On first read, the article “Legs” seems like an odd choice for inclusion in the magazine. The article begins, “It has always struck me that a great void exists in popular physiology from the comparative neglect with which it has treated the legs of mankind.” What appears on the surface to be a “fluff piece” on the treatment of legs in society, the article, on a closer reading in conjunction with the chapter in which it is paired, takes on a more significant meaning. Chapter 6 opens with a mention of the public house occupied by members of Sleary’s horse troupe. The house is called the Pegasus’s Arms, but Dickens writes, “The Pegasus’s legs might have been more to the purpose” (Hard Times 33). Aside from the name of Sissy’s father’s dog, Merrylegs, legs are mentioned no less than three more times in the chapter. Mr. E. W. B. Childers’s legs are described as “very robust, but shorter than legs of good proportions should have been” (34). Later, Childers blames Sissy’s father’s run of poor riding on stiff joints, presumably in the legs (37). Dickens then devotes an entire paragraph to the way the horse men walk:

Both Mr. Childers and Master Kidderminster walked in a curious manner; with their legs wider apart than the general run of men, and with a very knowing assumption of being stiff in the knees. This walk was common to all the male members of Sleary’s company, and was understood to express that they were always on horseback. (Hard Times 38)

Finally, when describing the women of Sleary’s company, Dickens notes that “none of them were at all particular in respect of showing their legs” (Hard Times 40). Read alone, these mentions of legs are mere anecdotes in a chapter centered on the rough life of a horseman and his poor, abandoned daughter. The accompaniment of this chapter by an article devoted to legs expands upon how truly important legs are to this class of people.

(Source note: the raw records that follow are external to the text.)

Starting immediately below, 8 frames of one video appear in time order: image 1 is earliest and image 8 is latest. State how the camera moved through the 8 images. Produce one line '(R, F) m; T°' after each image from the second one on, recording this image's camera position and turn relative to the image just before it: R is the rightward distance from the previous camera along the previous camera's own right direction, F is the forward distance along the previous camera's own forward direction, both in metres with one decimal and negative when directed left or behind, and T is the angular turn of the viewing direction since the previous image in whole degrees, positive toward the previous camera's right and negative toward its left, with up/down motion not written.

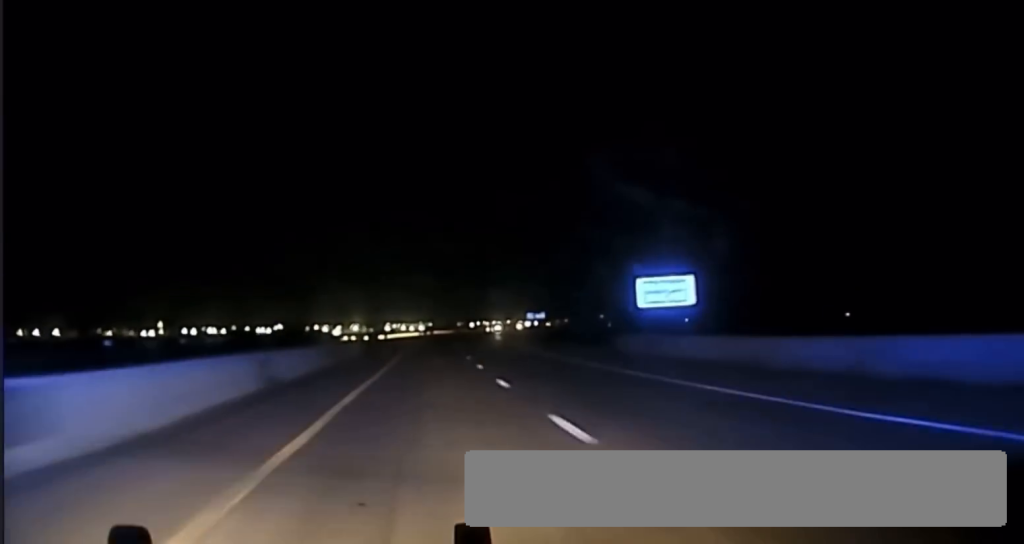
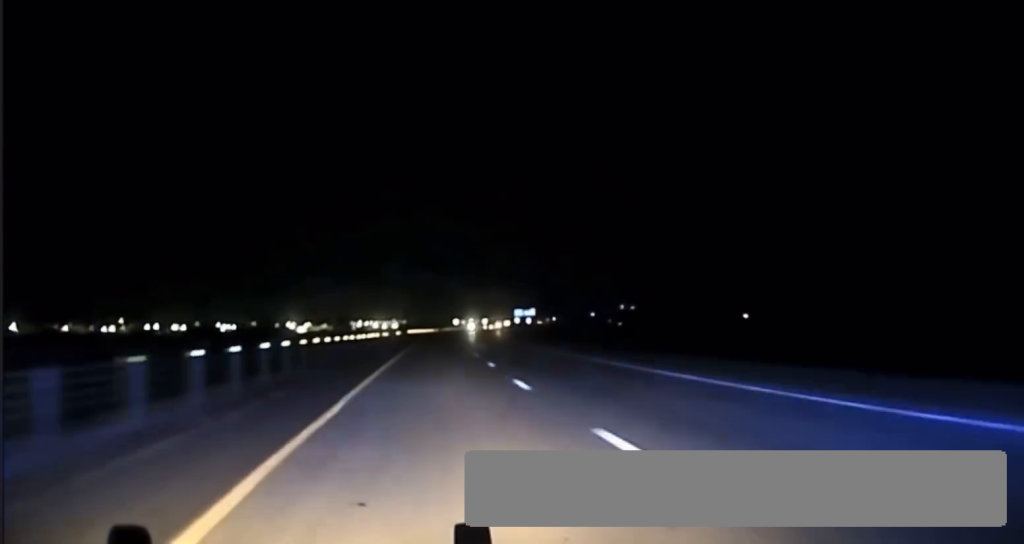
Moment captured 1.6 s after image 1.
(+1.0, +83.8) m; +1°
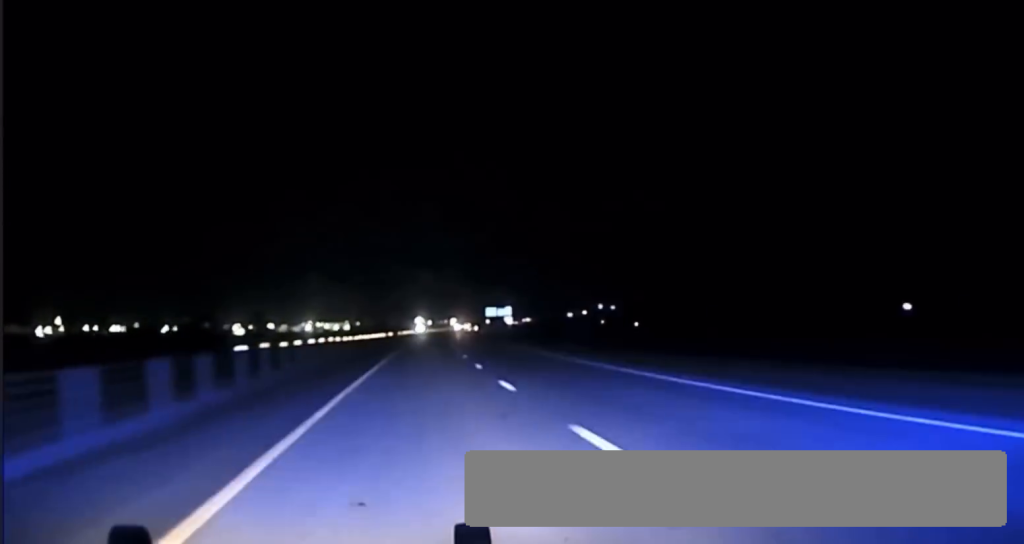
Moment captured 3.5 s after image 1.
(+1.4, +116.9) m; +2°
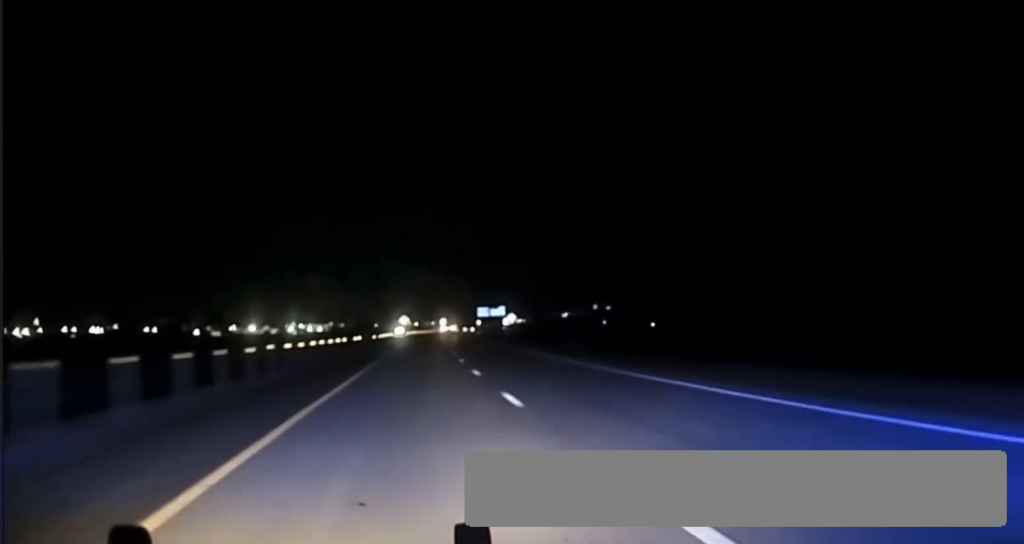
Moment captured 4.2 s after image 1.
(+0.5, +42.0) m; +1°
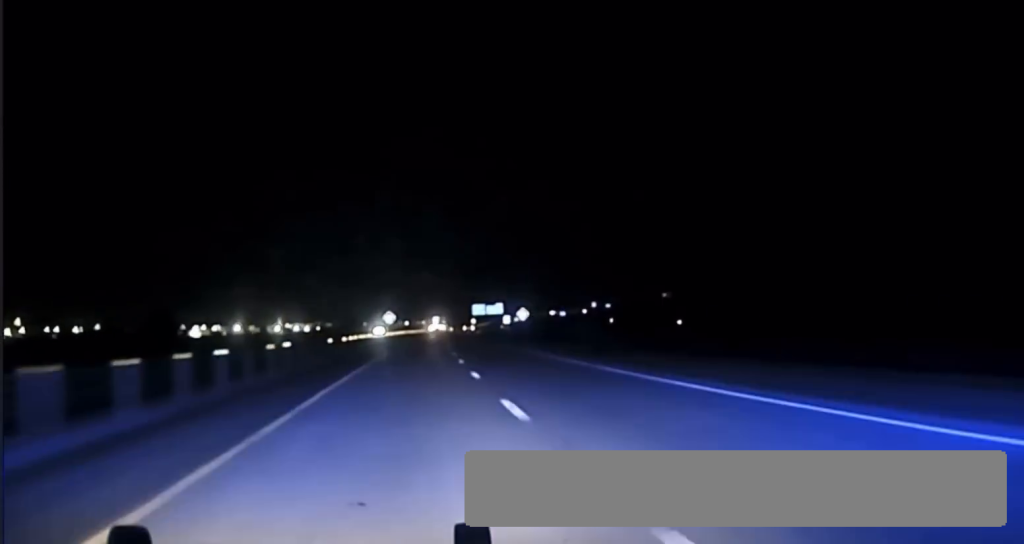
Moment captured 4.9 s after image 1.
(+0.1, +39.3) m; 0°
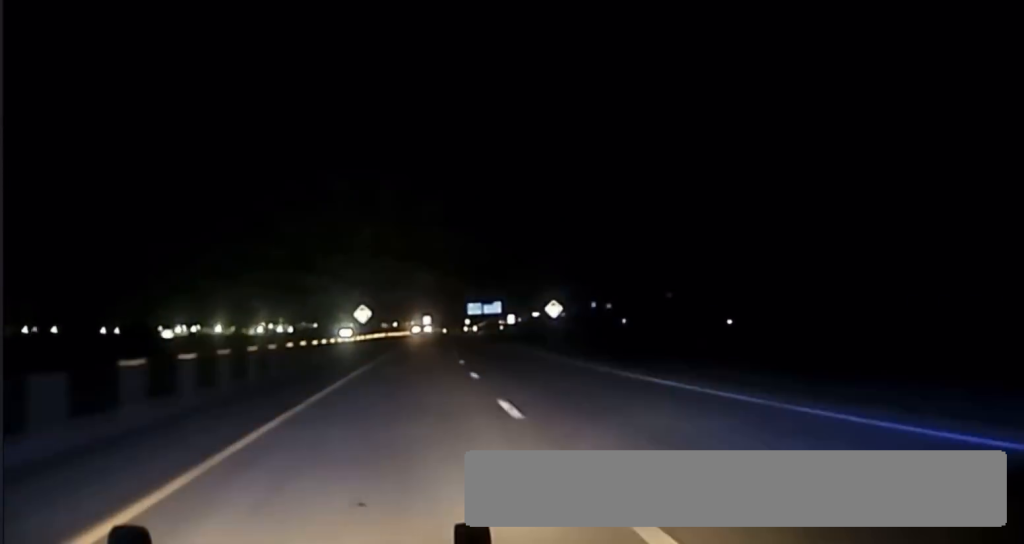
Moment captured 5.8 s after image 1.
(+0.1, +47.8) m; +1°
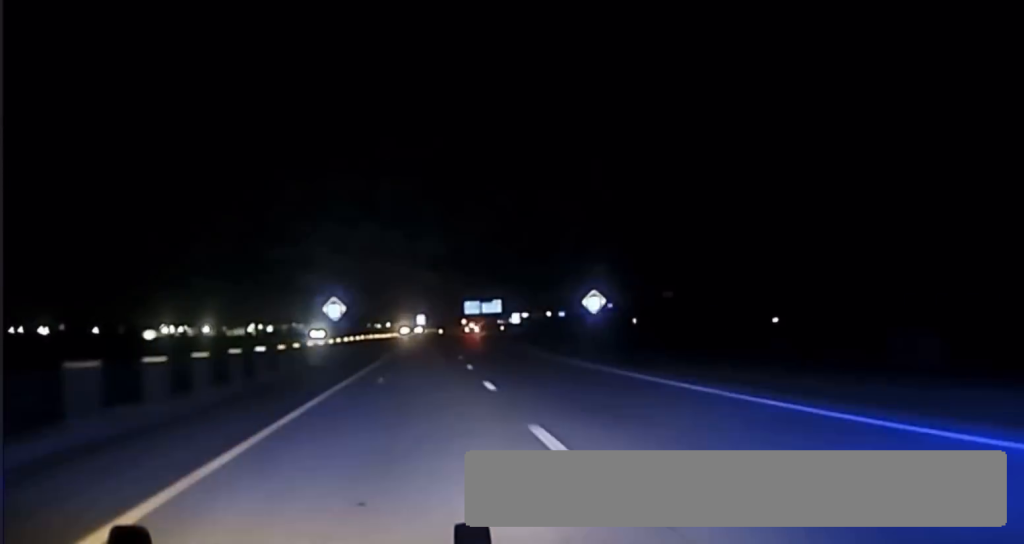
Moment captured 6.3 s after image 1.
(-0.1, +29.1) m; +1°
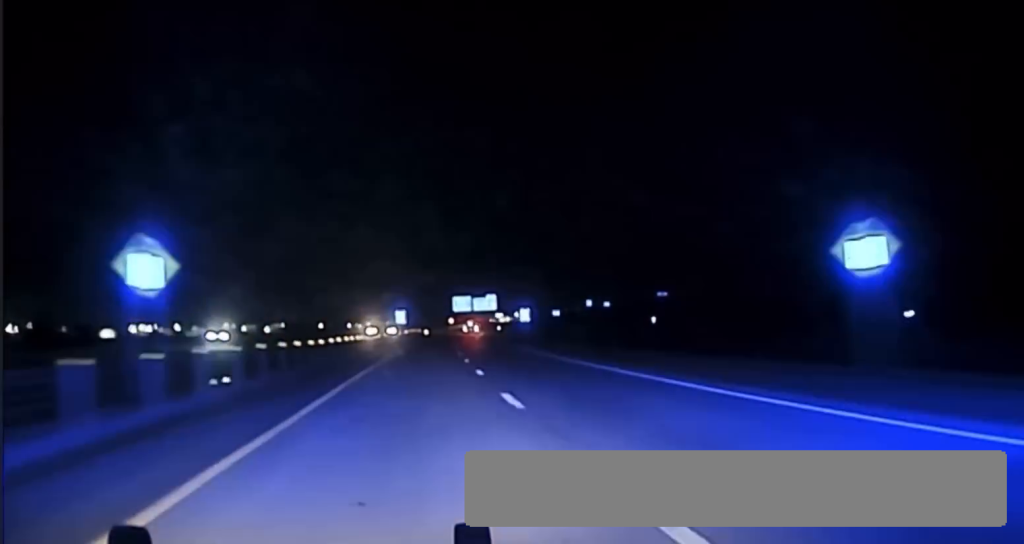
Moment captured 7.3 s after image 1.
(+0.8, +51.0) m; +1°
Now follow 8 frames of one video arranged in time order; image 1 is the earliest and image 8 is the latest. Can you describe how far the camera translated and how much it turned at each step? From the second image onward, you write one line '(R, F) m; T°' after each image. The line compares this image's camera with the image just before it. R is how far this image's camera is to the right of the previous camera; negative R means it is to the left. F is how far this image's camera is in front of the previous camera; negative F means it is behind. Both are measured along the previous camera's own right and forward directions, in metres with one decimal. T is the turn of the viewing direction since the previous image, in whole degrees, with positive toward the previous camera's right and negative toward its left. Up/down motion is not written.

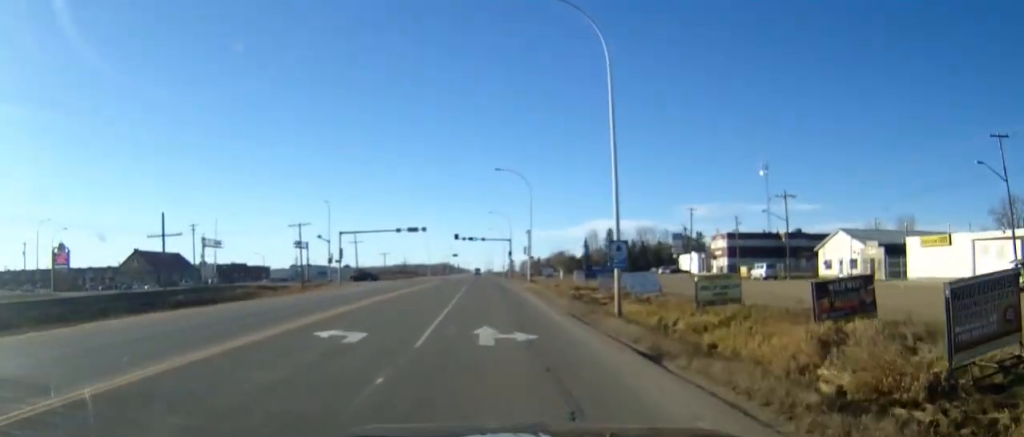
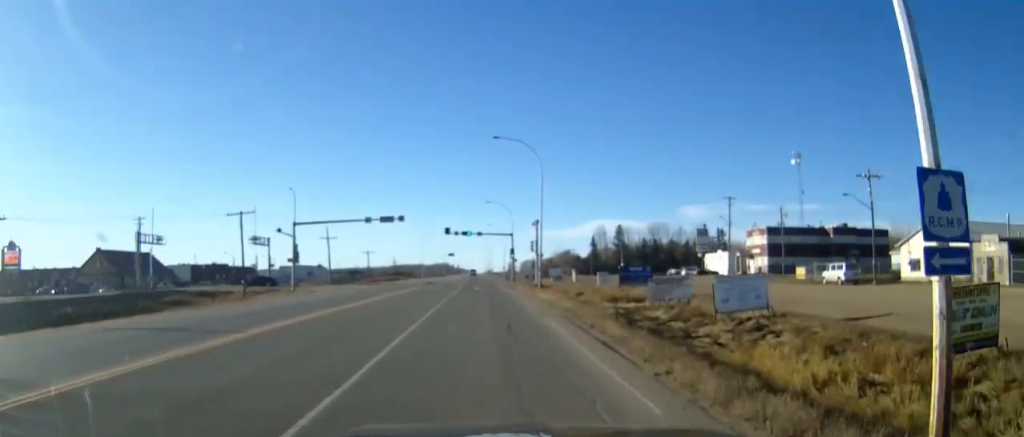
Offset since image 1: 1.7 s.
(0.0, +21.0) m; 0°
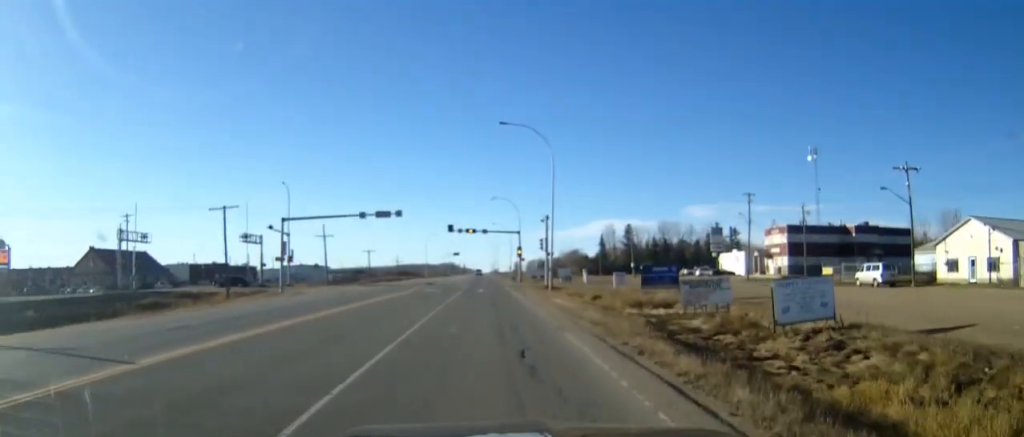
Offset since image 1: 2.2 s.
(0.0, +6.0) m; 0°
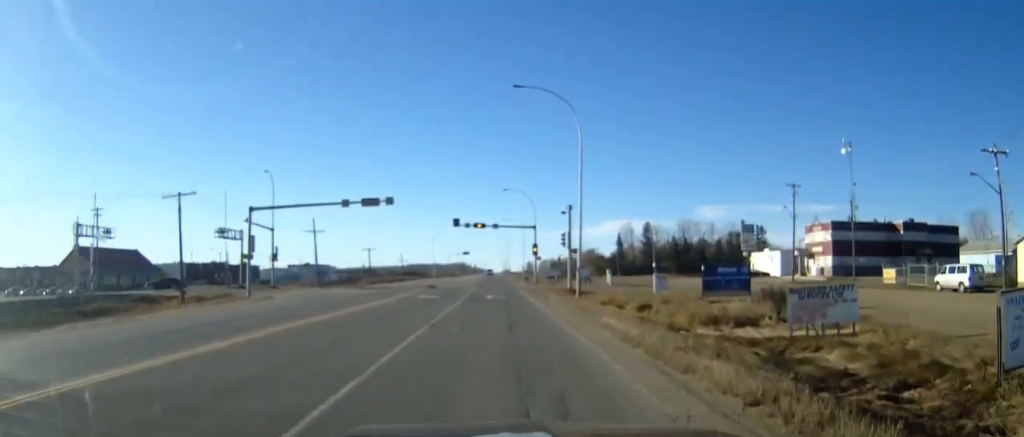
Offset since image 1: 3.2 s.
(-0.1, +11.8) m; -1°
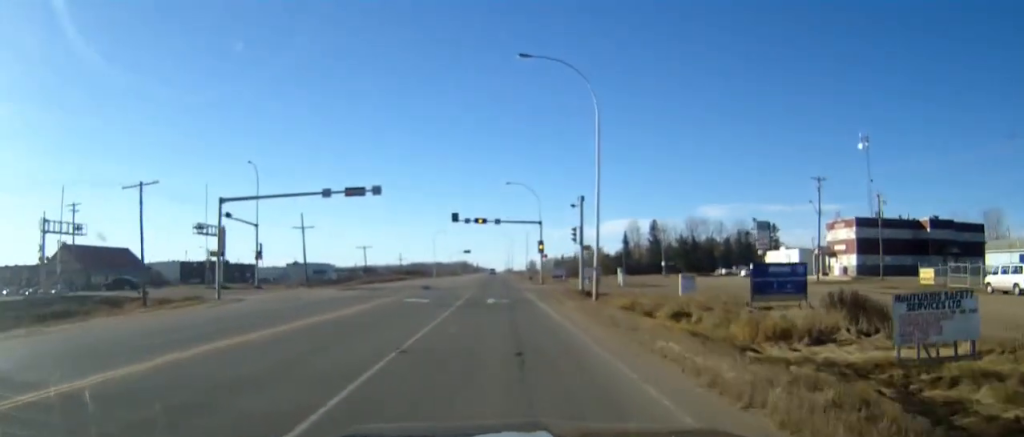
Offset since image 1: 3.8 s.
(0.0, +6.5) m; 0°
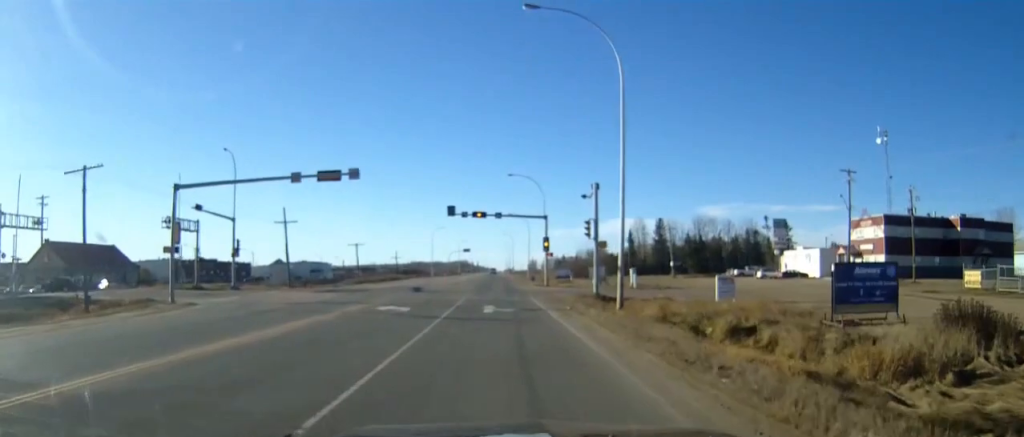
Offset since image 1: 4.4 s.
(0.0, +7.3) m; 0°
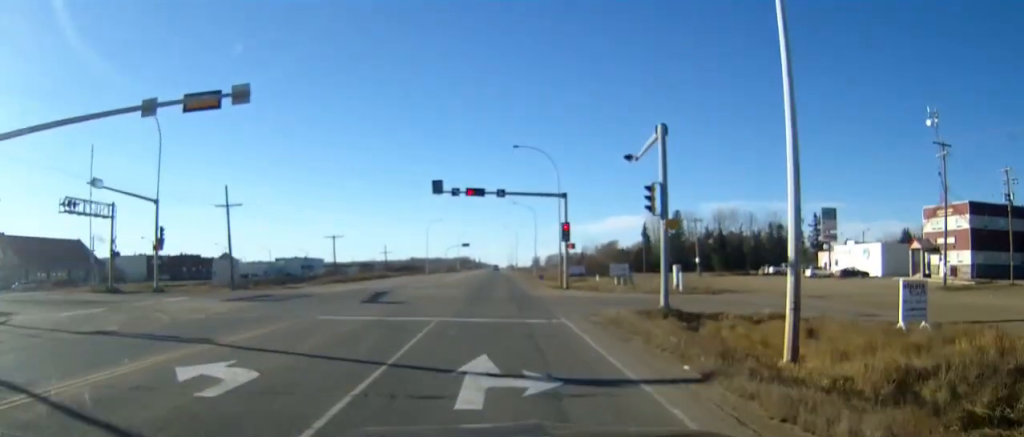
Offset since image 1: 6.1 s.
(-0.1, +18.8) m; 0°
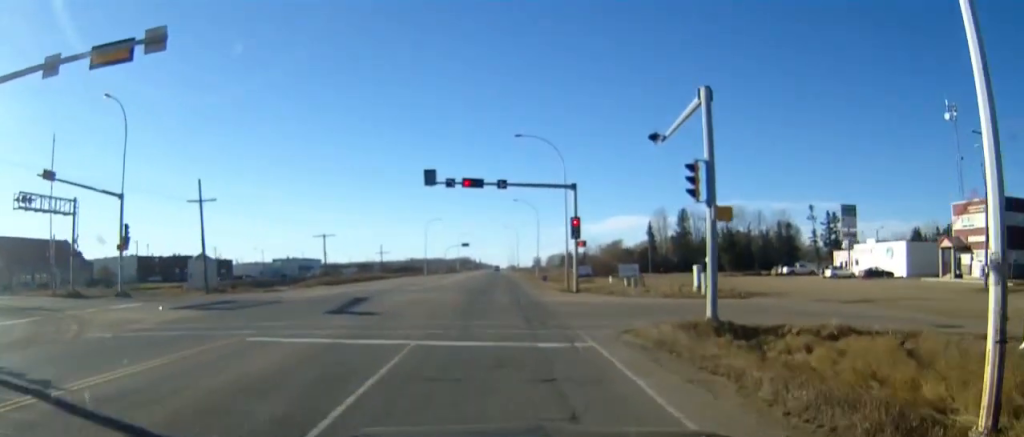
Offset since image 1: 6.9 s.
(0.0, +6.9) m; 0°

Towards the beginning of the article Dickens writes, “Legs have fallen to the province of mountebanks, tight-rope dancers, acrobats, and ballet-girls.” This statement correlates directly with the description of the women in Sleary’s company, who fall into these categories and are not ashamed to show off their legs. In middle-class Victorian society, it was quite indiscreet for a woman to reveal her legs at all, let alone not be ashamed if she did. Dickens posits the women of Sleary’s company against the middle-class readers of his works to point out the difference in social situation, and to perhaps garner sympathy for these poor, uncivilized performers. Dickens goes on to describe how important legs are to the poorer classes who do not have the benefit of better transportation, relying instead on “that glorious privilege of riding ‘Shanks-mare’ or of taking the ‘Marrow-bone stage.’”  The article continues by discussing the misuse of legs by the powerful by stating, “with our legs we trample on the carcasses of our enemies; and scamper over obstacles, and run that race of fortune which for all our legs is not always to the swift.” It is to this group that the legs of Mr. Gradgrind and even more so, Mr. Bounderby belong. Next, Dickens discusses the “numbers of industrious persons there are who earn their daily bread by their legs.” He writes of acrobats and tight-rope walkers, contortionists and musicians who bang tambourines upon their thighs. This class would certainly include the members of Sleary’s company.  Dickens concludes his article with the words “We are told that we can tell a man by the company he keeps; why not by the legs that take him into that company.” If we are to judge the characters in Chapter 6 of Hard Times by their legs, it is the men and women of Sleary’s company that fare best. Their legs are representations of hard work, rough living, and struggle, but they are also attached to heads and hearts of the noblest kind. The assumption can be made that Dickens’ emphasis on the struggles of the working-classes, as shown through the descriptions of their legs, shows sympathy for workers throughout the novel.